学校がある時は、授業中以外は、ほぼ一緒に居たと言っていい俺と滝本さんだったが、夏休みになると、パタリと会わなくなってしまう。


彼女は、毎日、予備校へ。


俺は、リハビリの為に病院へ行ったり、部活に顔を出したりの毎日。


二人で、何処かへ出掛けるどころか、休みの間、一度も会わなかった。


メールぐらいは、していたが…。


彼女のことを、好きになってきたかもと、思い始めてはいたのだが…。







新学期が始まってすぐの、昼休みに、滝本さんと話していると、


「水野くん…、私のこと…本当に好き?」


と、彼女に聞かれた。


「…、好き…ですよ…。」


微妙な間を置いて、返事をしてしまった。


「嘘つかなくても、いいのに…。『前の彼女』のことが…、まだ好きなんでしょ?」


痛いところを突かれたが…、それは、滝本さんの誤解と言っていい。


完全に忘れたわけではないが、忘れかけていたことではある。


「私達、何度かデートをしたこともあったけど、夏休みの間、一度も会わなかったよね?本当に好きなら、そんなこと、有り得ないでしょ?毎日でも会いたいと思うのが、普通でしょ?」


「それは…。夏休みは、お互い、忙しかったし…。」


「その合間を縫ってでも、『会いたい』とは、思ってくれないんだね…。」


「…。」


返す言葉がない。


「これから私達は、会う時間が、もっと少なくなって行くのに…。」


「これからは、なるべく時間を作りますよ…。」


「それに、私達、付き合い始めて半年経つのに、手だって繋いだことないでしょ?」


「それは、ちょっと照れ臭いからで…。」


「『私と付き合ってる』ってことを、見せたくない人がいるんじゃないの?」


「どういう意味ですか!」


「私と手を繋いでいるところを、元カノに見られたくないんじゃないかってこと!」


「何だよ、それ!」


(言っていいことと、悪いことがある!)


(この人は、そんなことも分からないのかよ!)




滝本さんの誤解から始まった痴話喧嘩は、売り言葉に買い言葉で、どんどんエスカレートしていった。
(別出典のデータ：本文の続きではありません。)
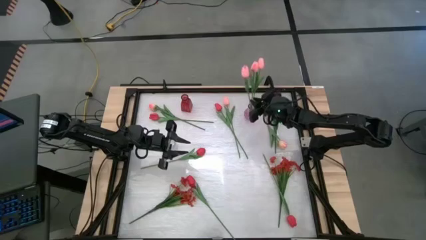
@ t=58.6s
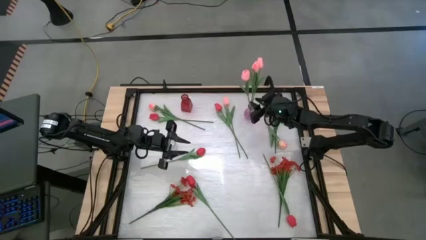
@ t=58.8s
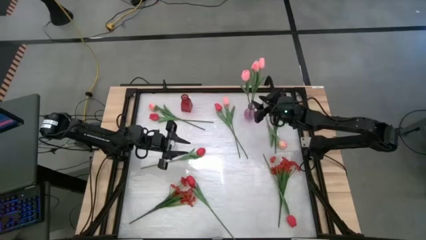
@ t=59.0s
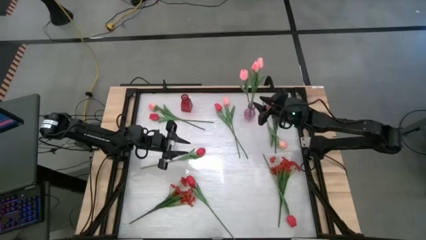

「私、水野くんのこと好きだけど…、もう、無理かも…。」


「別れるってこと…ですか?」


「うん…。」


(俺は、何度、同じ失敗を繰り返せば、気が済むんだろう?)


この日、俺は、滝本さんにフラれてしまった。


辛い出来事に違いなかったが、今回、涙は出て来なかった。




(『人を好きになる』って、どういうことだよ…。)


(『付き合う』って、どういうことだよ…。)


(『恋人』って、どういうことだよ…。)


何もかも分からなくなってしまった俺は、異性を好きになるのが怖くなってしまった。







滝本さんにフラれた日、どうしても体を動かしたくなった俺は、少しだけ、部活の練習に加わる。


しかし、すぐに激痛が走り、続けることが困難になった。


歩けるようにはなっていたが、走れないのだから、無理もない話なのだが…。


元通りに動けるようになるのは、無理のような気がして、俺の気持ちはプツリと切れる。


次の日から、練習に顔を出すことも辞めた。


正式に退部したわけではないが、怪我が完治した後も、一度も練習に出ないまま、部活を引退した。


それ以来、バスケットボールを触ってもいない。







俺は、何度も同じ失敗を繰り返す、どうしようもない奴だ。